Hmm.. That's weird.  I've drawn approximately about 600 30x30 sprites per game loop without any slowdown on this laptop.

One thing that does speed things up is keeping the drawingsurface open the entire time you're drawing on the background, instead of opening it each time you draw a new sprite.  Which is what your code above looks like it's doing already.

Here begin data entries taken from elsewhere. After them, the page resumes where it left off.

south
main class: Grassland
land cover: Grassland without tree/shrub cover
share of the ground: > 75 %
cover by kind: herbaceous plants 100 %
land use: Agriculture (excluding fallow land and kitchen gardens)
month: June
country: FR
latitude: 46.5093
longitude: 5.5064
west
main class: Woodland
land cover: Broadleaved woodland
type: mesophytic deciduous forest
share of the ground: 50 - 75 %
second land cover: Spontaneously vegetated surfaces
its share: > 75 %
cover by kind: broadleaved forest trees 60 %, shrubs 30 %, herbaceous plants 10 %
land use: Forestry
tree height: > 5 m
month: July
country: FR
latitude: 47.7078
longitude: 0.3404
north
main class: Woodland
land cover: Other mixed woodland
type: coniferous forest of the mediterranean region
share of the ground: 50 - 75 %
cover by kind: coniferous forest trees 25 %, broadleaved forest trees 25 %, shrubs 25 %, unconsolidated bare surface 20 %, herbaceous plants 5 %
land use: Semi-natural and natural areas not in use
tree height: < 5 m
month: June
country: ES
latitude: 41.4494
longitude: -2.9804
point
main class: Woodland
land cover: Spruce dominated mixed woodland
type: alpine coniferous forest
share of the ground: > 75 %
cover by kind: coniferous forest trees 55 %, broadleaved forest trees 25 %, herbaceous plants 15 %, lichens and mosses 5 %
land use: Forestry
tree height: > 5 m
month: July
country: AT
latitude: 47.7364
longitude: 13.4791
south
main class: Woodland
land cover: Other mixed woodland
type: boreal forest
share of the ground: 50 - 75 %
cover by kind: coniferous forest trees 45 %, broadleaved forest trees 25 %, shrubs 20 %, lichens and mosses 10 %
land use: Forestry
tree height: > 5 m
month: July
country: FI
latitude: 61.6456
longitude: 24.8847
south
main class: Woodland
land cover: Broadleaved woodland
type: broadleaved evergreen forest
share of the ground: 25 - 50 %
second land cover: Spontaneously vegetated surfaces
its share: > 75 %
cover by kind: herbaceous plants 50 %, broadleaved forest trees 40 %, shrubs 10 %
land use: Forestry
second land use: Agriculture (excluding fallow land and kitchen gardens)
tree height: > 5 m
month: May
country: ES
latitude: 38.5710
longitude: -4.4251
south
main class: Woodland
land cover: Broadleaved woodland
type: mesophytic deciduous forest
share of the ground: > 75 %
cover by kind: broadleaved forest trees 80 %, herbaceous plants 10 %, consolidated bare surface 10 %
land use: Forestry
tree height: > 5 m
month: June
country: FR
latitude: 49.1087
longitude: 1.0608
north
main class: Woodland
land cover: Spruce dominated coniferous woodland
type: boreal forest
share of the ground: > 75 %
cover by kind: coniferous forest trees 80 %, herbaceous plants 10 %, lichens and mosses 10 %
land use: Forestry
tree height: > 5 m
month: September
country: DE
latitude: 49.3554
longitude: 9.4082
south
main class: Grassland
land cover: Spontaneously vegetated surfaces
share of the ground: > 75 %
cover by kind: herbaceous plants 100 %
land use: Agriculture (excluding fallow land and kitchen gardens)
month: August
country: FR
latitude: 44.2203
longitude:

Oh, and another thing that 'could' speed things up (don't quote me on this, I haven't fully tested it) is instead of using:
sprite = DynamicSprite.Create(w, h, false);
each game loop, you can save it to a DynamicSprite and just reuse it each and every time.  I'll have to give it a speed test one of these days and see if I'm right or wrong.

GarageGothic

I don't really get how this can be so slow either. Possibly using characters instead of GUIs would speed it up slightly (especially if you resize your sprites before/when drawing them). It's a bit hard to work out what exactly goes into the process just looking at the demo. Are the sprite tinted in-engine? Again, this could be faster with characters and the built-in tint function.

Vince Twelve

Hrm, I don't really understand why it dropped so much when I changed to drawing 10 layers to the background either.  Maybe when I changed the function to tell it to draw all, it caused some kind of loop that's drawing them all multiple times or something.  I'm going away on vacation for the next couple days and will spend nights rewriting the draw code to see if I can figure this out.


One thing different between the front layer and the other nine, is that the deeper layers all use scaled sprites while the front uses unscaled.  Might that slow it way down?

Mostly, my code just passes the surface around to several different custom functions for drawing rectangles/lines/sprites at the correct scaling for the requested layer.  There may be 1000 or more rectangles on the screen at once plus maybe 100 or so sprites, most scaled.  I could do some testing to consolidate rectangles into fewer larger rectangles, but I wasn't of the impression that the rectangles were the problem.

Ryan Timothy B

Quote from: Vince Twelve on Sun 11/07/2010 03:24:23
One thing different between the front layer and the other nine, is that the deeper layers all use scaled sprites while the front uses unscaled.  Might that slow it way down?
If you're scaling them every game loop, I'd say that would definitely be one reason it could be so slow.

When I played it earlier it looked as though the back layers don't change at all while you're playing in the front layer.  I would be creating and scaling those layers only once during the change of each level and keeping them in memory to be used each cycle.